Now to the story so far. My mother at the age of 21 left the confines of her parents’ house in St Leonards-on-Sea to seek her fortune as an adventuress in the Far East. Influenced by Isadora Duncan, who had died in a freak accident 4 years before (strangled when her flowing scarf got caught in the wheels of her Bugatti), she (my mother) had accompanied her dancing teacher Miss Holdsworth. They had taught Greek dancing to the small children of Chinese millionaires and ballroom dancing to the millionaires themselves.

In 1935 she married a tall moody Dutchman, Jan Jacobus, in a society wedding at Singapore Cathedral. She gave up the dance-teacher thing: husband was jealous and wanted to keep an eye on her. So as a team, they managed the fashionable Gap Roadhouse and a branch of Ciro’s Pearls. But the war loomed. Jan Jacobus was caught up in secret activities which gave him advance warning of the Japanese invasion and she evacuated well before time to Perth, Western Australia. By way of diversion there were none but country hicks at barndances, but she met a sweet boy ten years her junior. He was 17 and living with Mum and Dad. She took riding lessons from him. I only can tell you what I have gleaned from different sources. Horses were doubtless involved in their relationship, but in any case I was a result. She didn’t tell me: I found out fifty years later. Her toy-boy (my father) went to fight the war and she brought me up in a lodging-house exclusive to women, though gentlemen were sometimes glimpsed in the morning. Some months after the Japanese surrender, my father returned, washed-out with hardships and malaria. On learning that the hostilities had made her a widow, he instantly did the gallant thing and offered marriage; but a haggard soldier had replaced her fresh-faced country boy. Perth was a dead-end in the middle of nowhere; her glory-days of the Thirties---glamour, social whirl, status, property, income---were all smashed by the ravages of war. St Leonards-on-Sea, where nothing ever happens, which she had fled as soon as she legally could, now seemed a haven of comfort in which to lick her wounds. In June ’46 we departed on the rmv Rangitata from Fremantle to Tilbury, a six-week adventure that took me away from the place I knew and loved. To me, aged 4, it wasn’t a finite transit but an endless new way of life. I was used to multiple mothers at the lodging-house but on the ship I had 800 doting mothers. My own mother was lacking in the maternal instinct so she let me wander from deck to deck on my own, everywhere petted by other women.

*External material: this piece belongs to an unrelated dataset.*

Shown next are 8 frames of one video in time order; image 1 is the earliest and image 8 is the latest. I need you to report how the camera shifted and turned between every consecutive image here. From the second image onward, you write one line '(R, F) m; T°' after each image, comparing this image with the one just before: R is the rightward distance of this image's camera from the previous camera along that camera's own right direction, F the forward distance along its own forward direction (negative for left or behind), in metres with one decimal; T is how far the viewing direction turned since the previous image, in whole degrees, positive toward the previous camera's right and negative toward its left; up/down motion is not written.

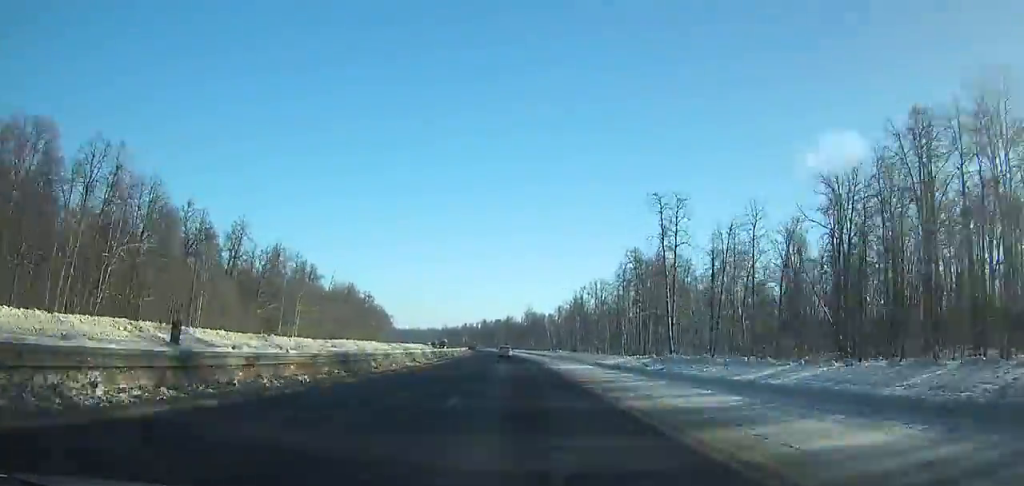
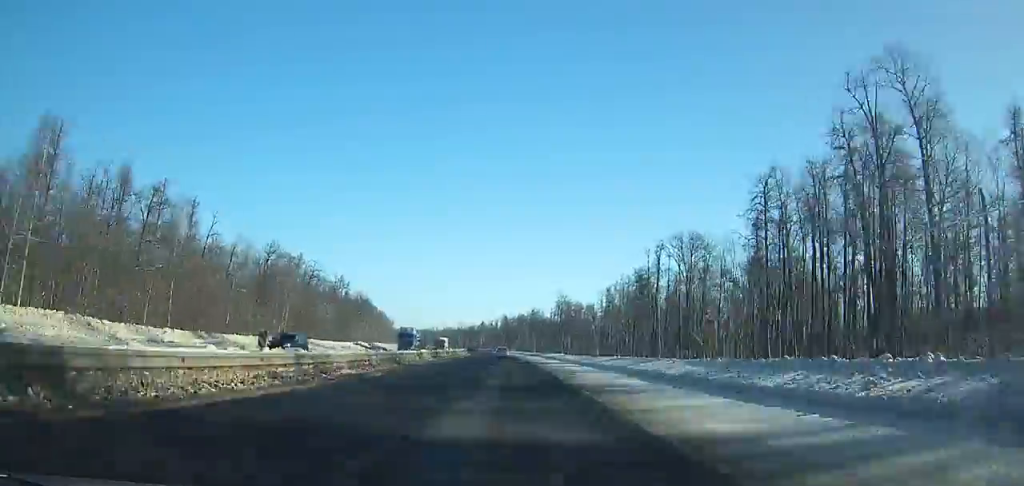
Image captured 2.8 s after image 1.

My arrival in England was a shock, for my grandparents were horribly strict. They made me speak “properly”, reprimanding me for sounding like an Australian child and emulating their table-manners. My mother became restless almost immediately. She must find a rich eligible man, but St Leonards was hardly the place. It was overstuffed with widows and spinsters left high and dry from the Great War of 1914-18. So she dropped me off at Jan Jacobus’ sister’s place in Holland, on the phoney basis that I was a nephew; then proceeded to Switzerland where she hung out in hotels till her money ran out. Fortunately she didn’t strike lucky, else I might have had a Nazi stepfather on the run from the Nuremberg War Crimes Tribunal. So she collected me on the way home and we returned to my grandparents’ house. (I never lived anywhere long, till my late forties!)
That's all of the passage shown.